Understanding Your Balance Sheet (2024)

Last week, we introduced the cash flow statement as one of the key financial statements that your company will produce. It reports all the cash generated and used by your company during a given period. Today, we’ll take a look at the important role that the balance sheet plays in your small business accounting. We’ll focus on the operating, financing, and investing activities that make up your balance sheet.

Operating Activities

This section of the balance sheet reports your company’s net income, converting it from accrual to cash basis. It does this by analyzing the changes in your current assets and liabilities. Fields that will be found in this section include:

Accounts Receivable – An asset attained by selling goods or services on credit (i.e. not a cash sale). This is often seen in contracts that indicate payment is due upon receipt of a service +30 days.

Inventory – A current asset that can be sold for revenue. The best example of this is a grocery store’s inventory. The price of a gallon of milk should factor in the cost of acquiring it, storing it, and staff necessary to prepare the milk for sale (placing it on the shelf).

Supplies – A current asset that indicates the cost of supplies currently in stock.

Prepaid Insurance – This refers to insurance premiums that have been paid in advance for a given period extending beyond the period of the balance sheet.

Accounts Payable – Accounts payable represent the amount your company owes for items and services purchased on credit.

Wages Payable – Wages payable are a current liability that indicate how much is owed to employees for hours worked that have not yet been compensated.

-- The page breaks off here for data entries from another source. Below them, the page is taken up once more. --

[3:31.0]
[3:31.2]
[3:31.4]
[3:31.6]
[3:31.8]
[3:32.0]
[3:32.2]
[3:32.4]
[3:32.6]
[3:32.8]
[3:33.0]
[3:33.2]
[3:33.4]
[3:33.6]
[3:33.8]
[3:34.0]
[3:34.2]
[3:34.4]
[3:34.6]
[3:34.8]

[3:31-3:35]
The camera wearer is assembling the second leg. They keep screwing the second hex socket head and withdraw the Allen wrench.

This includes taxes that have been levied but not paid.

Income Taxes Payable – This is a current liability that reflects the amount of income taxes owed to local, state, and federal governments.

Unearned Revenues – This is a liability that reports payment received in advance of providing goods or services.

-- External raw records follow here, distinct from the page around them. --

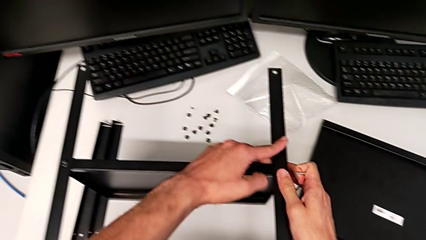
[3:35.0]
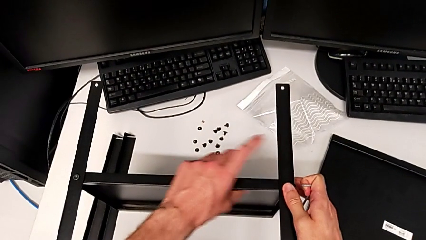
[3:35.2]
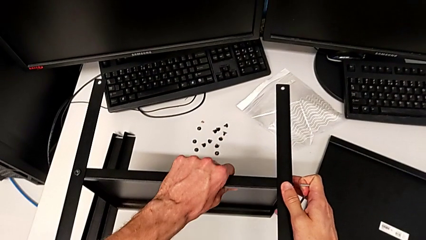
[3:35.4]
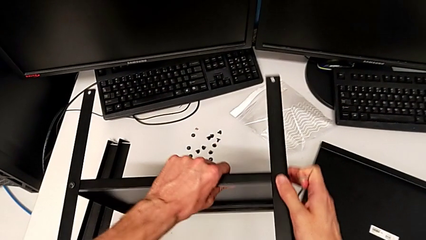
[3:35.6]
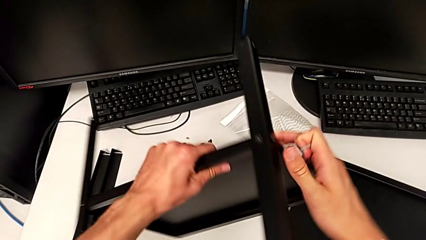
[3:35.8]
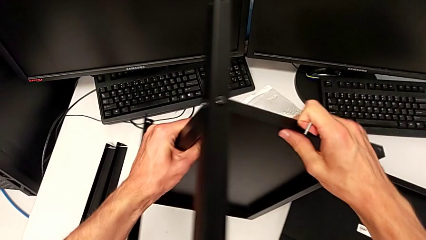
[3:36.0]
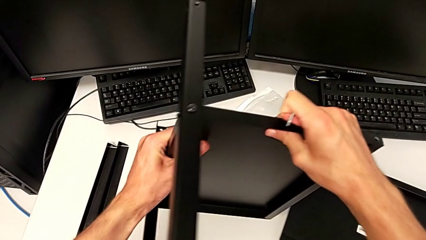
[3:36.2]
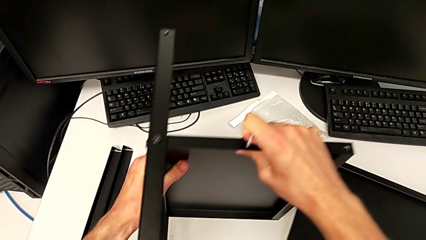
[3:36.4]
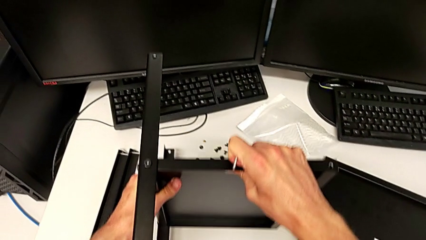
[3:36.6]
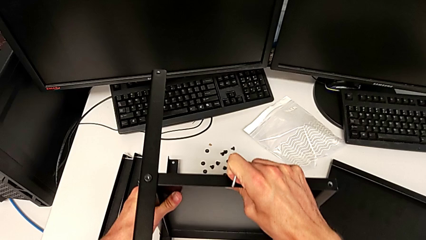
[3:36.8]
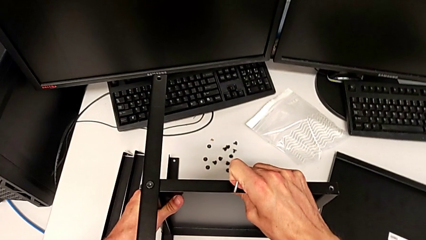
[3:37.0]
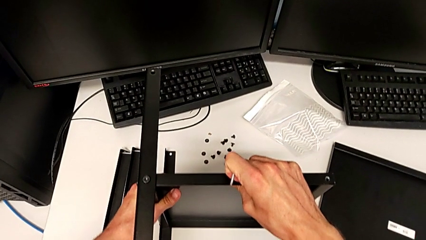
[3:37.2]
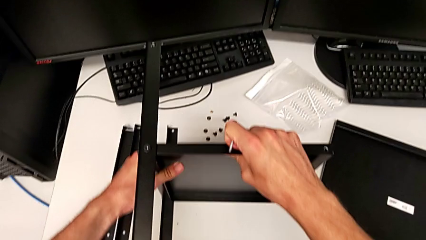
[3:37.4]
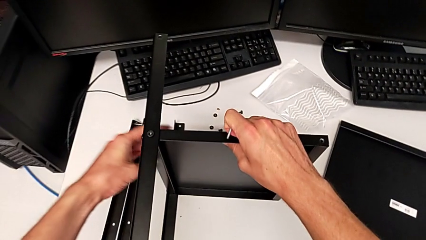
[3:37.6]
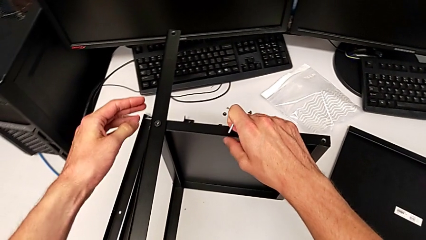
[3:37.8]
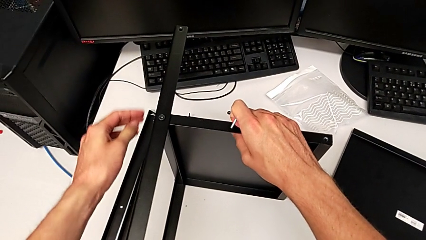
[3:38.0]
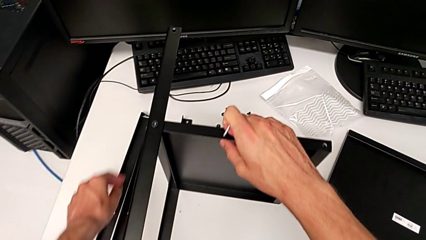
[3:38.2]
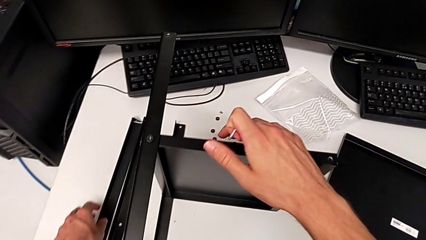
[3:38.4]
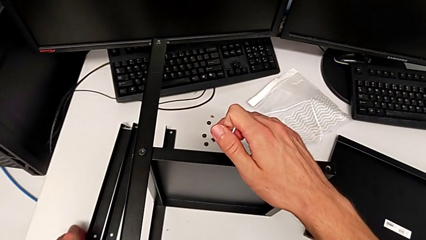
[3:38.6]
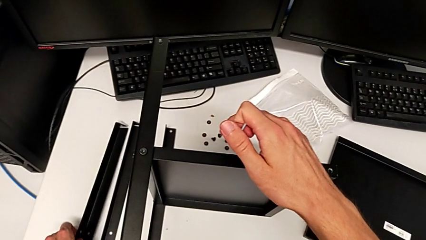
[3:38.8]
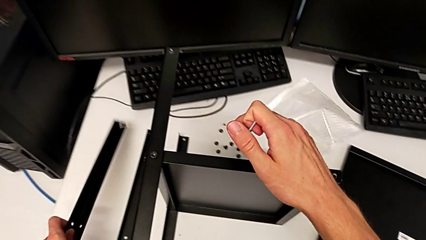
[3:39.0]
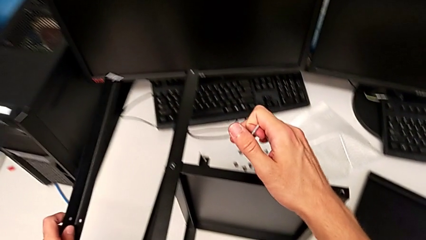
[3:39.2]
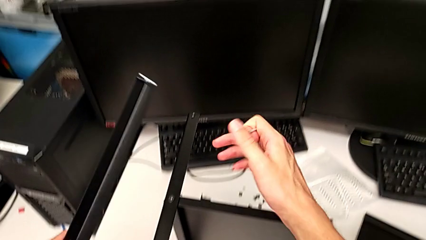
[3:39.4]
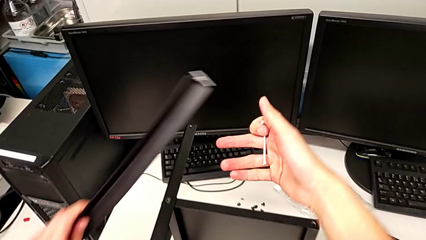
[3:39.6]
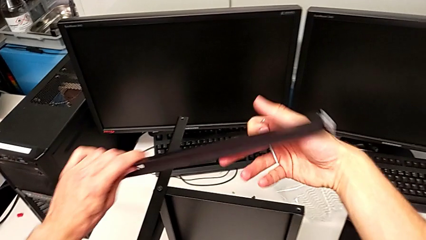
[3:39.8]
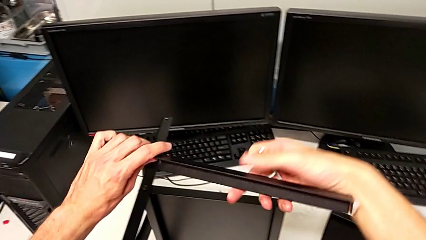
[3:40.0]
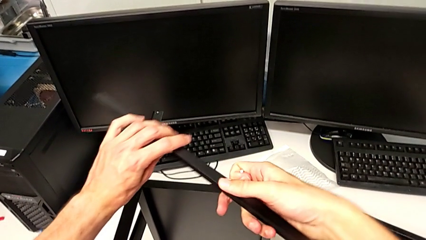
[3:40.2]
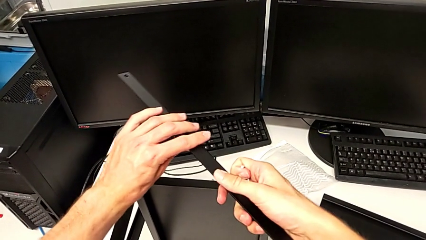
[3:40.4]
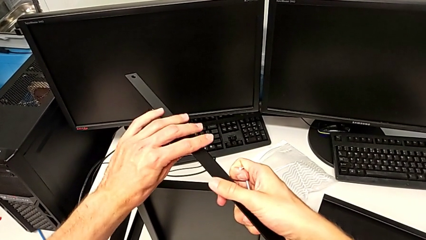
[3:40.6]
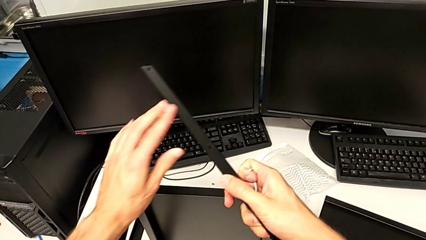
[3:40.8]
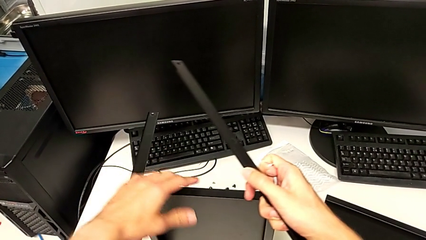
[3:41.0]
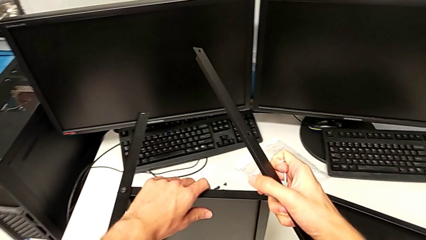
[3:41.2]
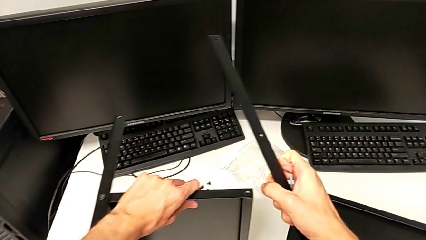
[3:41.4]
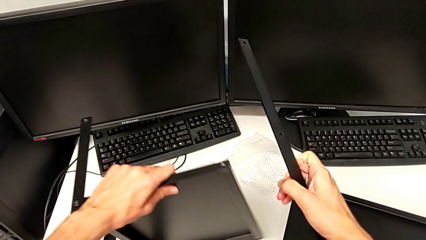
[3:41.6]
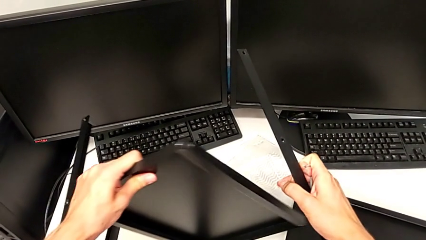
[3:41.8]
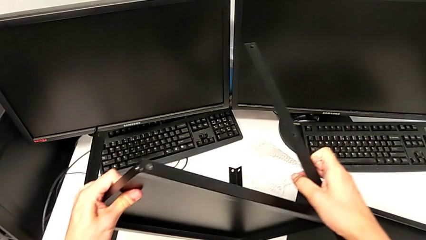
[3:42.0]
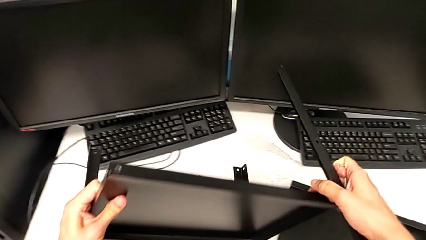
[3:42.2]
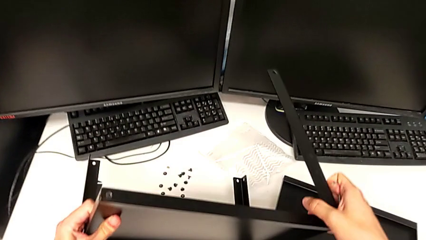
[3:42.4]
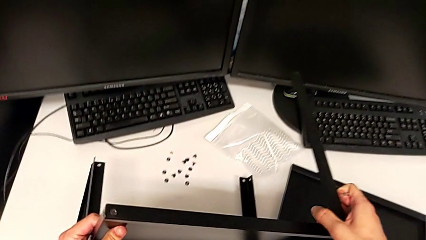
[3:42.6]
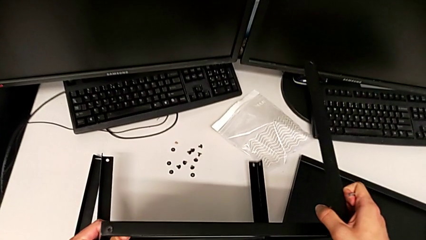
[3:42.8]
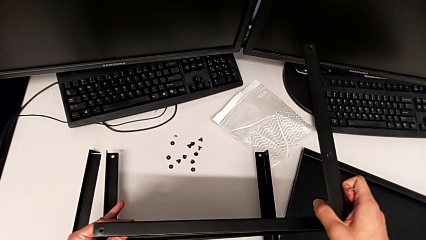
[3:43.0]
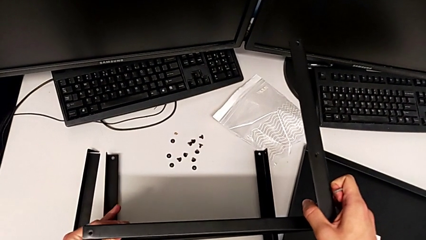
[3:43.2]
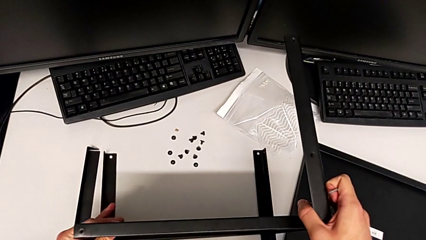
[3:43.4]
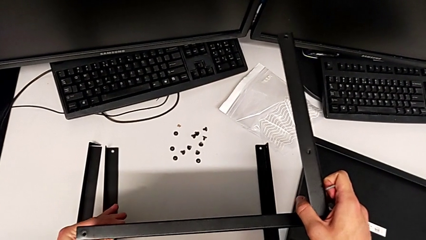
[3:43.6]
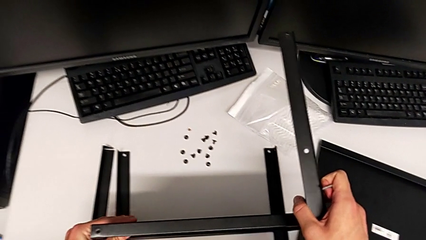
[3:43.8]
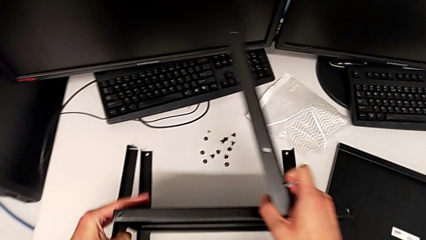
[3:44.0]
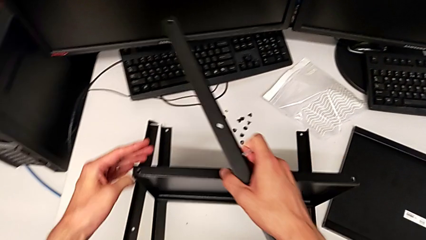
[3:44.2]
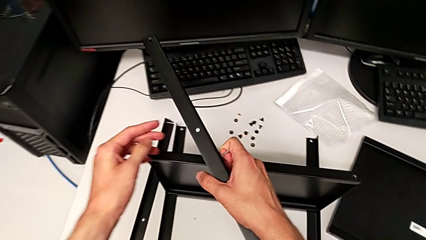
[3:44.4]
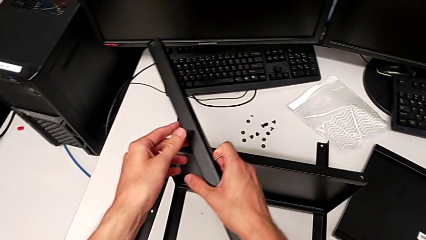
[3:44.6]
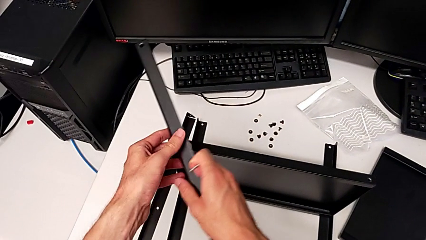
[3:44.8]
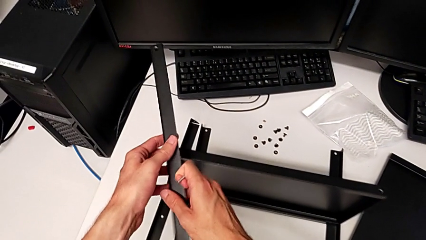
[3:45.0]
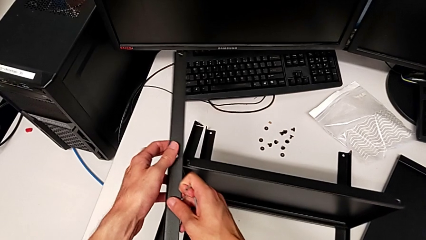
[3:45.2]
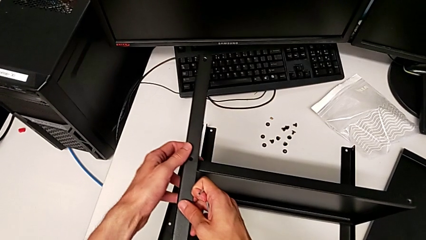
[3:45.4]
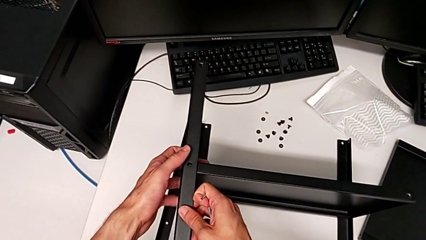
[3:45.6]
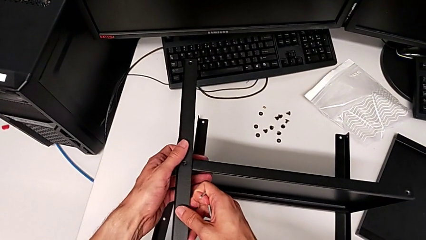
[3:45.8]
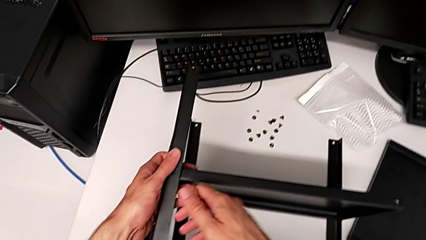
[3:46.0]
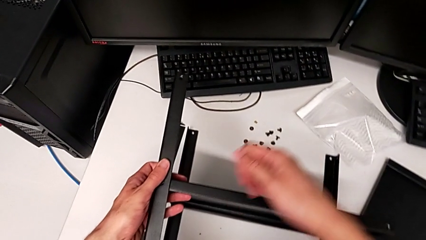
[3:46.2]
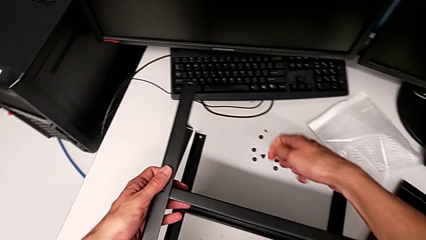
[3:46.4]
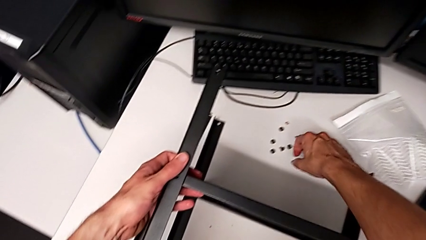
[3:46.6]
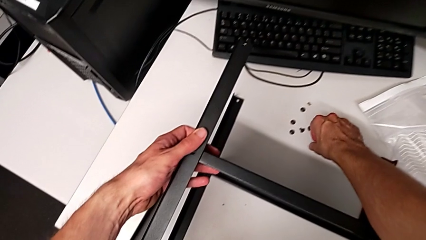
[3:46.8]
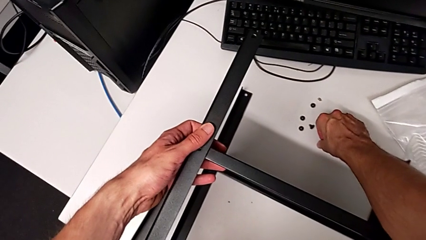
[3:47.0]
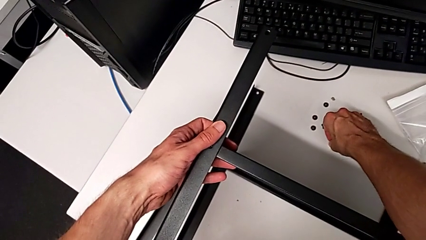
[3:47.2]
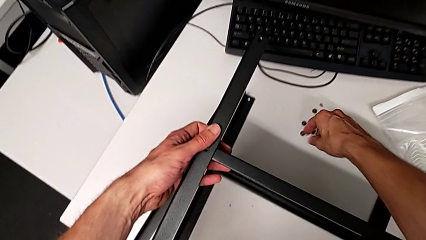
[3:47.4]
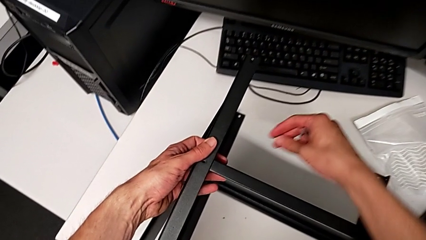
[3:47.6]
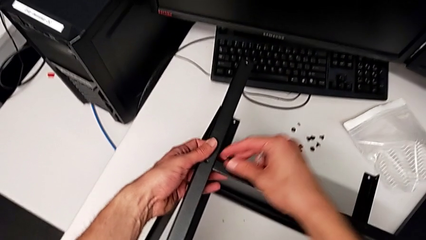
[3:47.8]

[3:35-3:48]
The camera wearer is assembling the third leg. They rotate the nightstand, wrongly lift the leg, grab it, rotate the nightstand, align the leg and grab the hex socket head.

In addition to assessing current assets and liabilities, this section makes adjustments for depreciation (which we will be discussing next week) on long-term assets.

Financing Activities

This section of your balance sheet looks at the changes in balances for long-term liabilities and stockholders’ equity accounts. Essentially, it reports the issuance and/or repurchase of the company’s stocks and bond as well as short and long-term borrowings and repayments. Balances recorded in this section include:

Notes and Bonds Payable – This is a long-term liability that includes any bank loans our outstanding bonds that have been issued to the company and have not yet been paid.

Deferred Income Taxes – This represents the difference between the income tax expense associated with revenues and expenses reported on the business’ income statements and the actual income from a tax return.

Preferred, Common, or Treasury Stocks – Stocks refer to ownership of shares (common stock) in a business or corporation. Different classes of stocks will determine how shareholders can turn a profit. Preferred stockholders, for example, will be paid in dividends and typically do not share in the company’s earnings. Treasury stock refers to the company’s stock that has been repurchased from shareholders.

Retained Earnings – This refers to a shareholder’s equity account and reports the net income of the corporation from its start to the current date. It should be noted that dividends are typically excluded from this sum.

Investing Activities

While financing activities look at long-term liabilities, investing activities consider long-term assets. This section looks at the purchase or sale of long-term investments, property, equipment, and more. Long-term assets include:

Property – This refers to any land or buildings that have been purchased by and for the company. Land is generally the first asset listed under investing activities and is not generally subjected to depreciation. Buildings, on the other hand, are recorded minus the cost of the land and are depreciated based on their useful lifetime.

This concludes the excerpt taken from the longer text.